The first thing we must receive is a desire to forgive. Again, this is a gift of God. We may resist it, rather like St. Augustine’s famous remark: “Lord, make me pure, but not yet”.
But there may still be a big gap between wanting to forgive and being able to. Jesus worked his miracles in various different ways (with or without words, by touch, being present or absent) and so it is with the desire becoming a reality. It may be achieved consciously: we may revisit all the circumstances of the occasion which offended us and be able to review them in a calm frame of mind. It may be sub-conscious: here we just become aware, without having gone through any obvious process, that we have forgiven.
This latter I always compare to buying new shoes: at first they can seem terribly painful and we may think we will have to discard them, but we persevere and then one fine day we suddenly realise they aren’t hurting any more.
Forgiving is very healing for us but it is not something we can feign, force, or pay lip-service to.
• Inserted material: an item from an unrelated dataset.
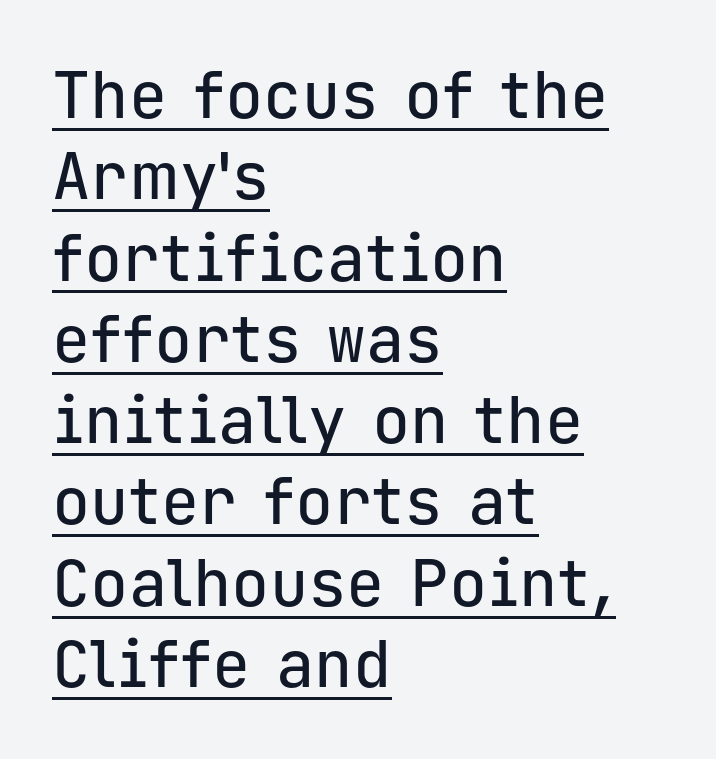
You could count columns in this text — the font is strictly monospaced. Leftover space on each line is placed entirely after the last word. Spacing between characters is what you'd get straight out of the box. In designer terms, the underline attribute is active on this setting. The specimen reads as upright at a glance. This rendering employs a face without finishing strokes, i.e., a sans-serif.

That would just be to mask resentment with a veneer of tranquillity.
As for the saying “forgive and forget”, well, I say: ‘forget it!’ Particularly seeing Christianity is built on the principle of remembering: “Do this in memory of me”. Some will disagree, but it seems impossible to scrub one’s memories so that some of them disappear. Isn’t that what in another context we call ‘brain washing’?
So if we forget, we forget. But if we remember, the important thing is not to take all the old hurt back. Rather, use the memory to say to oneself: “It’s all been forgiven”.
So RIP Martin McGuinness. Or not, depending on ‘where you are at’.